The further I got for now is to re-fit the the data

# create Weibull fit instance
aft = WeibullAFTFitter()
aft.fit(df, duration_col='duration', event_col='event', fit_intercept = False)

then overwrite the parametera

# overwrite parameters
aft.params_.lambda_ = np.log(params['scale'])
aft.params_.rho_ = np.log(params['concentration'])

and then get the average log-likelihood

# get average log-likelihood
print(aft.score(df.drop(['id'], axis=1), scoring_method="log_likelihood")) 

Is there any smarter way to do this?

Many thanks

CamDavidsonPilon commented 1 year ago

Hi @melodiemonod,

There is a function _log_likelihood_right_censoring on the models you could use: https://github.com/CamDavidsonPilon/lifelines/blob/master/lifelines/fitters/__init__.py#L1412

Due to my lack-of-wisdom, I didn't annotate what the function accepts, so lets do that here:

params: a dict, with keys representing parameters (ex: "lambda") and values are numpy arrays. Ts: a tuple of representing the time bounds we have: (numpy array or none, numpy array or none). For right censoring data, the 0th position contains the T data. E: a numpy array representing censoring W: weights, a numpy array of weights, probably just all 1s. entries: late entries, probably just all 0s Xs: a lifelines.utils.DataframeSlicer. The input to this object is a dataframe, but that dataframe needs to be have a multi-dimension column such that `df['lambda']returns a dataframe of the covariates needed in the linear model forlambda`

melodiemonod commented 1 year ago

Cameron, thank you so much for your quick and helpful response!

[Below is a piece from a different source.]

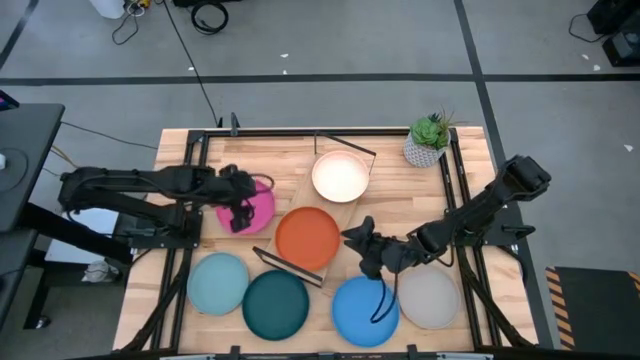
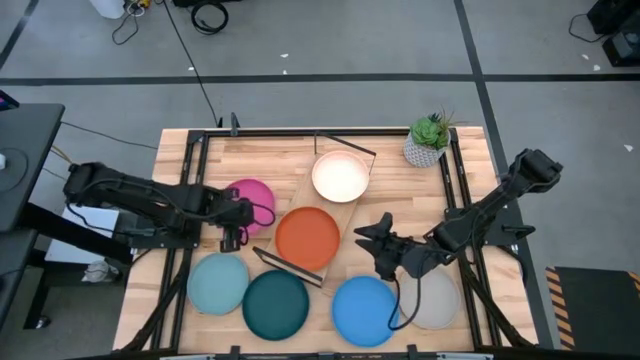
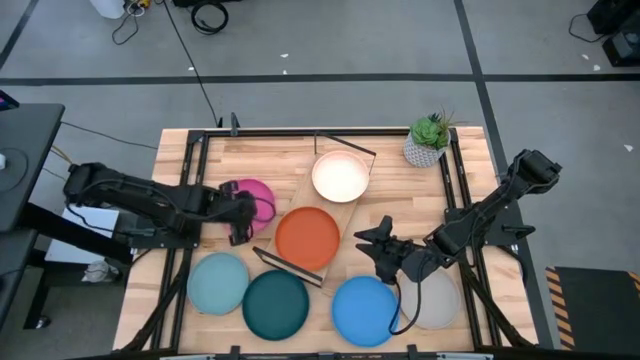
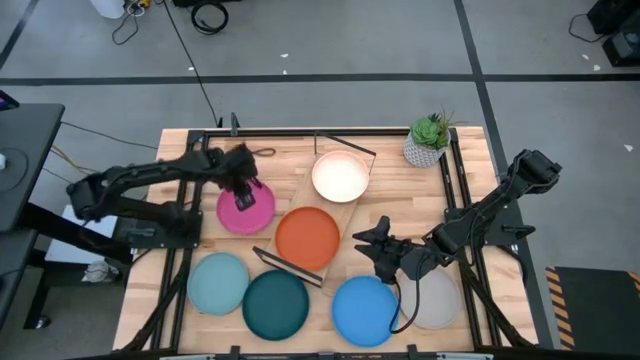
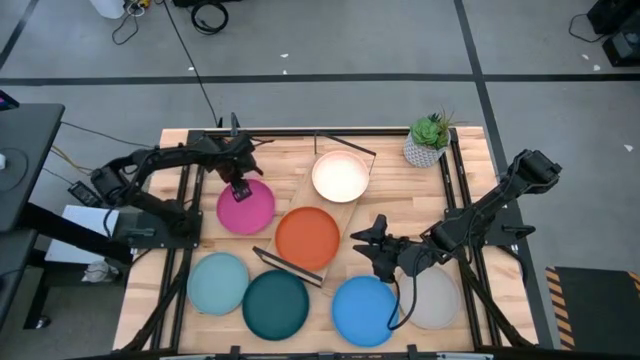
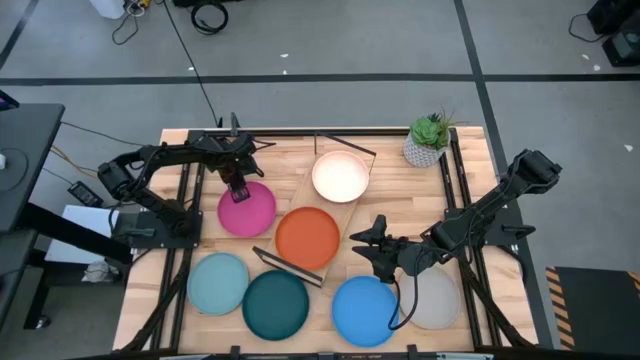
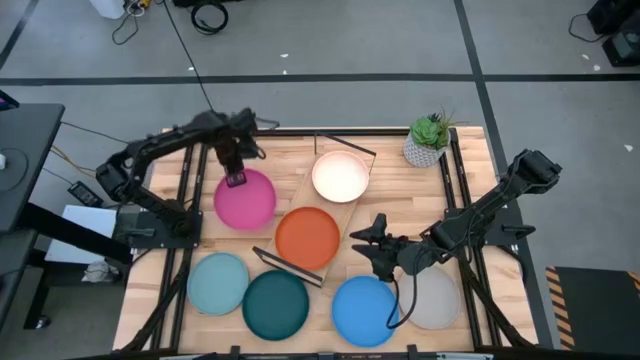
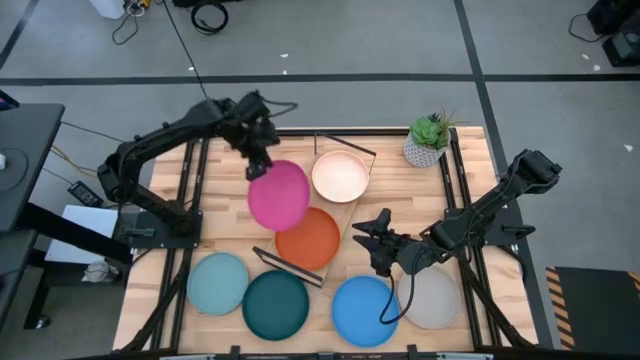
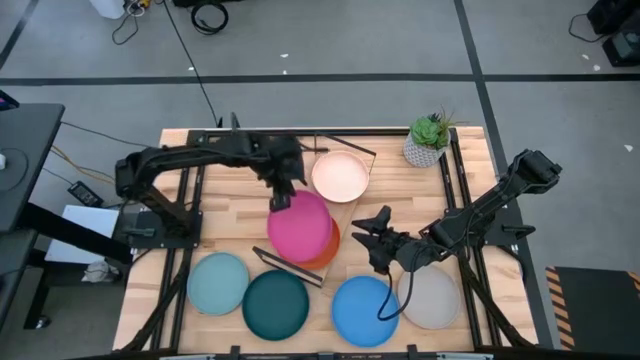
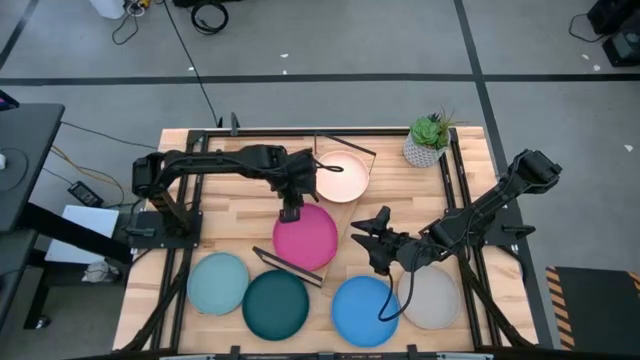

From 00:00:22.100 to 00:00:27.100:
Task: Place and stack plates onto a shelf
Stack the pink plate on top of the orange plate on the shelf

Here's my updates code to find the log likelihood of the Weibull survival model given observation-specific param $\lambda_i$ and fixed concentration param $\rho = 1$.

def WeibullLogLikelihood(
        self,
        params,
        status,
        time,
 ):

    # number of observations
    n_samples = len(status)

    # Define response inputs for log_likelihood function
    Ts = (np.int_(time), None)  # No left-censoring, so the second element is None
    E = np.copy(status) # Boolean indicating whether event happened
    W = np.ones(n_samples)   # Assuming equal weights 
    entries = np.zeros(n_samples)  # No late entries

    # Define covariate inputs for log_likelihood function
    x = pd.DataFrame(np.eye(n_samples, dtype=int), columns=[f'x_{i+1}' for i in range(n_samples)]) # diagonal matrix for patient-specific lambda
    ones_column = pd.DataFrame(np.ones((n_samples, 1)), columns=['Intercept'])  # Intercept column for rho
    Xs = pd.concat([x, ones_column], axis=1, keys=['lambda_', 'rho_']) # concatenate

    # Define parameteter inputs for log_likelihood function
    log_lambda_ = pd.DataFrame({'covariate':  {'x_' + str(i + 1): np.float64(params[i]) for i in range(0, n_samples)}}, 
                                                index=pd.Index(['x_' + str(i + 1) for i in range(n_samples)])).squeeze() # scale parameter
    log_rho_ = pd.DataFrame({'covariate': {'Intercept': np.float64(0)}}).iloc[0, 0].reshape((1,)) # shape parameter fixed to 1 (=exp(0))
    params_ = {'lambda_': log_lambda_, 'rho_':log_rho_}

    # log likelihood
    wbf = WeibullAFTFitter()
    ll_right_censoring_average = wbf._log_likelihood_right_censoring(params_, Ts, E, W, entries, DataframeSlicer(Xs))
    ll_right_censoring = ll_right_censoring_average * n_samples

return ll_right_censoring
CamDavidsonPilon commented 12 months ago

Incredible! You took my scrappy and vague internal code and used it perfectly!